2. Number of experts used to establish the ground truth for the test set and the qualifications of those experts:

   • For clinical validation studies compliant with ISO 81060-2, at least two (and preferably three) trained observers are typically required to obtain simultaneous auscultatory reference measurements. These observers must be trained in the standard auscultatory technique for blood pressure measurement and follow the specified protocol (e.g., using a double stethoscope).
   • Their specific qualifications (e.g., "radiologist with 10 years of experience") are not detailed in this document, but they would be healthcare professionals (e.g., physicians, nurses, or trained technicians) proficient in blood pressure measurement to serve as reference observers.

3. Adjudication method (e.g., 2+1, 3+1, none) for the test set:

   • Clinical validation studies following ISO 81060-2 use simultaneous measurements with multiple observers. The standard outlines specific procedures for comparing the automated device's readings with those from the trained observers. For example, if two observers' readings differ by more than a specified amount, a third measurement or a re-measurement might be required, or the data point might be excluded. The standard's methodology effectively serves as an adjudication method.

4. If a multi-reader multi-case (MRMC) comparative effectiveness study was done, if so, what was the effect size of how much human readers improve with AI vs without AI assistance:

   • No, an MRMC comparative effectiveness study was not done. This device is a standalone blood pressure monitor, not an AI-assisted diagnostic tool that would typically involve human readers interpreting images or data with and without AI assistance. Therefore, there is no effect size related to human reader improvement with/without AI.

5. If a standalone (i.e., algorithm only without human-in-the-loop performance) was done:

   • Yes, a standalone performance study was done. The clinical validation per ISO 81060-2 specifically evaluates the algorithm/device's performance (its automated measurements) against reference measurements taken by trained human observers. The device itself operates as a standalone system to provide blood pressure readings.

6. The type of ground truth used (expert consensus, pathology, outcomes data, etc.):

   • The ground truth for the clinical validation was established through expert auscultatory measurements performed simultaneously with the device's readings. This is the standard "reference measurement" method described in ISO 81060-2.

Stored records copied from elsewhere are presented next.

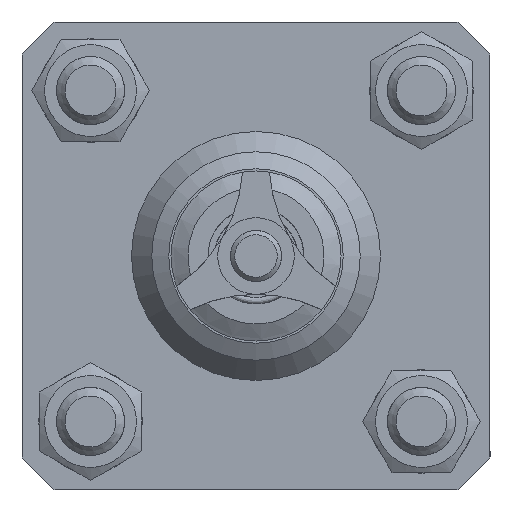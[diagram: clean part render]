
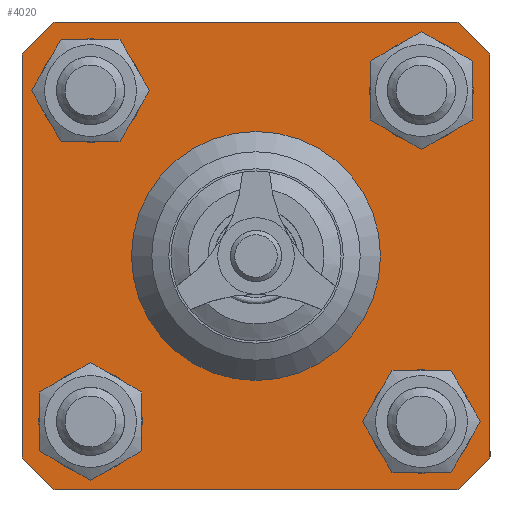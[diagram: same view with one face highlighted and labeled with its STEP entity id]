
A CAD part, left-side view. The second image highlights one B-rep face of the part: STEP entity #4020.
In plain terms, the highlighted face is planar.
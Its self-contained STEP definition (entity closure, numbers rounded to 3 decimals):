
#3419=CARTESIAN_POINT('',(-38.891,-47.891,0.0));
#3420=VERTEX_POINT('',#3419);
#3421=CARTESIAN_POINT('',(-38.891,-38.891,0.));
#3422=DIRECTION('',(0.0,0.0,1.0));
#3423=DIRECTION('',(0.0,-1.0,0.0));
#3424=AXIS2_PLACEMENT_3D('',#3421,#3422,#3423);
#3425=CIRCLE('',#3424,9.0);
#3426=EDGE_CURVE('',#3420,#3420,#3425,.T.);
#3447=CARTESIAN_POINT('',(47.891,-38.891,0.0));
#3448=VERTEX_POINT('',#3447);
#3449=CARTESIAN_POINT('',(38.891,-38.891,0.));
#3450=DIRECTION('',(0.0,0.0,1.0));
#3451=DIRECTION('',(1.0,0.0,0.0));
#3452=AXIS2_PLACEMENT_3D('',#3449,#3450,#3451);
#3453=CIRCLE('',#3452,9.0);
#3454=EDGE_CURVE('',#3448,#3448,#3453,.T.);
#3475=CARTESIAN_POINT('',(38.891,47.891,0.0));
#3476=VERTEX_POINT('',#3475);
#3477=CARTESIAN_POINT('',(38.891,38.891,0.));
#3478=DIRECTION('',(0.0,0.0,1.0));
#3479=DIRECTION('',(0.0,1.0,0.0));
#3480=AXIS2_PLACEMENT_3D('',#3477,#3478,#3479);
#3481=CIRCLE('',#3480,9.0);
#3482=EDGE_CURVE('',#3476,#3476,#3481,.T.);
#3503=CARTESIAN_POINT('',(-47.891,38.891,0.0));
#3504=VERTEX_POINT('',#3503);
#3505=CARTESIAN_POINT('',(-38.891,38.891,0.));
#3506=DIRECTION('',(0.0,0.0,1.0));
#3507=DIRECTION('',(-1.0,0.0,0.0));
#3508=AXIS2_PLACEMENT_3D('',#3505,#3506,#3507);
#3509=CIRCLE('',#3508,9.0);
#3510=EDGE_CURVE('',#3504,#3504,#3509,.T.);
#3700=CARTESIAN_POINT('',(-47.236,55.0,0.0));
#3701=VERTEX_POINT('',#3700);
#3708=CARTESIAN_POINT('',(-55.0,47.236,0.0));
#3709=VERTEX_POINT('',#3708);
#3710=CARTESIAN_POINT('',(0.0,0.0,0.0));
#3711=DIRECTION('',(0.0,0.0,1.0));
#3712=DIRECTION('',(1.0,0.0,0.0));
#3713=AXIS2_PLACEMENT_3D('',#3710,#3711,#3712);
#3714=CIRCLE('',#3713,72.5);
#3715=EDGE_CURVE('',#3701,#3709,#3714,.T.);
#3732=CARTESIAN_POINT('',(47.236,55.0,0.0));
#3733=VERTEX_POINT('',#3732);
#3740=CARTESIAN_POINT('',(-47.236,55.0,0.0));
#3741=DIRECTION('',(1.0,0.0,0.0));
#3742=VECTOR('',#3741,94.472);
#3743=LINE('',#3740,#3742);
#3744=EDGE_CURVE('',#3701,#3733,#3743,.T.);
#3756=CARTESIAN_POINT('',(55.0,47.236,0.0));
#3757=VERTEX_POINT('',#3756);
#3764=CARTESIAN_POINT('',(0.0,0.0,0.0));
#3765=DIRECTION('',(0.0,0.0,1.0));
#3766=DIRECTION('',(1.0,0.0,0.0));
#3767=AXIS2_PLACEMENT_3D('',#3764,#3765,#3766);
#3768=CIRCLE('',#3767,72.5);
#3769=EDGE_CURVE('',#3757,#3733,#3768,.T.);
#3781=CARTESIAN_POINT('',(55.0,-47.236,0.0));
#3782=VERTEX_POINT('',#3781);
#3789=CARTESIAN_POINT('',(55.0,47.236,0.0));
#3790=DIRECTION('',(0.0,-1.0,0.0));
#3791=VECTOR('',#3790,94.472);
#3792=LINE('',#3789,#3791);
#3793=EDGE_CURVE('',#3757,#3782,#3792,.T.);
#3815=CARTESIAN_POINT('',(0.0,29.267,0.));
#3816=VERTEX_POINT('',#3815);
#3817=CARTESIAN_POINT('',(0.0,0.0,0.0));
#3818=DIRECTION('',(0.0,0.0,1.0));
#3819=DIRECTION('',(0.0,1.0,0.0));
#3820=AXIS2_PLACEMENT_3D('',#3817,#3818,#3819);
#3821=CIRCLE('',#3820,29.267);
#3822=EDGE_CURVE('',#3816,#3816,#3821,.T.);
#3905=CARTESIAN_POINT('',(-55.0,-47.236,0.0));
#3906=VERTEX_POINT('',#3905);
#3913=CARTESIAN_POINT('',(-47.236,-55.0,0.0));
#3914=VERTEX_POINT('',#3913);
#3915=CARTESIAN_POINT('',(0.0,0.0,0.0));
#3916=DIRECTION('',(0.0,0.0,1.0));
#3917=DIRECTION('',(1.0,0.0,0.0));
#3918=AXIS2_PLACEMENT_3D('',#3915,#3916,#3917);
#3919=CIRCLE('',#3918,72.5);
#3920=EDGE_CURVE('',#3906,#3914,#3919,.T.);
#3937=CARTESIAN_POINT('',(47.236,-55.0,0.0));
#3938=VERTEX_POINT('',#3937);
#3945=CARTESIAN_POINT('',(0.0,0.0,0.0));
#3946=DIRECTION('',(0.0,0.0,1.0));
#3947=DIRECTION('',(1.0,0.0,0.0));
#3948=AXIS2_PLACEMENT_3D('',#3945,#3946,#3947);
#3949=CIRCLE('',#3948,72.5);
#3950=EDGE_CURVE('',#3938,#3782,#3949,.T.);
#3963=CARTESIAN_POINT('',(47.236,-55.0,0.0));
#3964=DIRECTION('',(-1.0,0.0,0.0));
#3965=VECTOR('',#3964,94.472);
#3966=LINE('',#3963,#3965);
#3967=EDGE_CURVE('',#3938,#3914,#3966,.T.);
#3980=CARTESIAN_POINT('',(-55.0,-47.236,0.0));
#3981=DIRECTION('',(0.0,1.0,0.0));
#3982=VECTOR('',#3981,94.472);
#3983=LINE('',#3980,#3982);
#3984=EDGE_CURVE('',#3906,#3709,#3983,.T.);
#3990=CARTESIAN_POINT('',(0.0,0.0,0.0));
#3991=DIRECTION('',(0.0,0.0,1.0));
#3992=DIRECTION('',(1.0,0.0,0.0));
#3993=AXIS2_PLACEMENT_3D('',#3990,#3991,#3992);
#3994=PLANE('',#3993);
#3995=ORIENTED_EDGE('',*,*,#3950,.F.);
#3996=ORIENTED_EDGE('',*,*,#3967,.T.);
#3997=ORIENTED_EDGE('',*,*,#3920,.F.);
#3998=ORIENTED_EDGE('',*,*,#3984,.T.);
#3999=ORIENTED_EDGE('',*,*,#3715,.F.);
#4000=ORIENTED_EDGE('',*,*,#3744,.T.);
#4001=ORIENTED_EDGE('',*,*,#3769,.F.);
#4002=ORIENTED_EDGE('',*,*,#3793,.T.);
#4003=EDGE_LOOP('',(#3995,#3996,#3997,#3998,#3999,#4000,#4001,#4002));
#4004=FACE_OUTER_BOUND('',#4003,.T.);
#4005=ORIENTED_EDGE('',*,*,#3426,.T.);
#4006=EDGE_LOOP('',(#4005));
#4007=FACE_BOUND('',#4006,.T.);
#4008=ORIENTED_EDGE('',*,*,#3454,.T.);
#4009=EDGE_LOOP('',(#4008));
#4010=FACE_BOUND('',#4009,.T.);
#4011=ORIENTED_EDGE('',*,*,#3482,.T.);
#4012=EDGE_LOOP('',(#4011));
#4013=FACE_BOUND('',#4012,.T.);
#4014=ORIENTED_EDGE('',*,*,#3510,.T.);
#4015=EDGE_LOOP('',(#4014));
#4016=FACE_BOUND('',#4015,.T.);
#4017=ORIENTED_EDGE('',*,*,#3822,.T.);
#4018=EDGE_LOOP('',(#4017));
#4019=FACE_BOUND('',#4018,.T.);
#4020=ADVANCED_FACE('',(#4004,#4007,#4010,#4013,#4016,#4019),#3994,.F.);

7. The sample size for the training set:

   • This document describes a premarket notification (510(k)) for a medical device. Blood pressure monitors like this typically use established algorithms based on oscillometric principles, not machine learning that requires a "training set" in the sense of AI models. Therefore, a specific "training set" sample size for an AI algorithm is not applicable here. The underlying algorithms are developed and refined through engineering, calibration, and extensive testing, but not typically "trained" on a dataset in the way an AI model would be.

8. How the ground truth for the training set was established:

   • As mentioned above, a "training set" in the AI sense is not applicable for this type of device. The accuracy and performance of the oscillometric algorithm are established through rigorous engineering design, mathematical modeling, and validation studies against established reference methods (like auscultation) in accordance with standards like ISO 81060-2.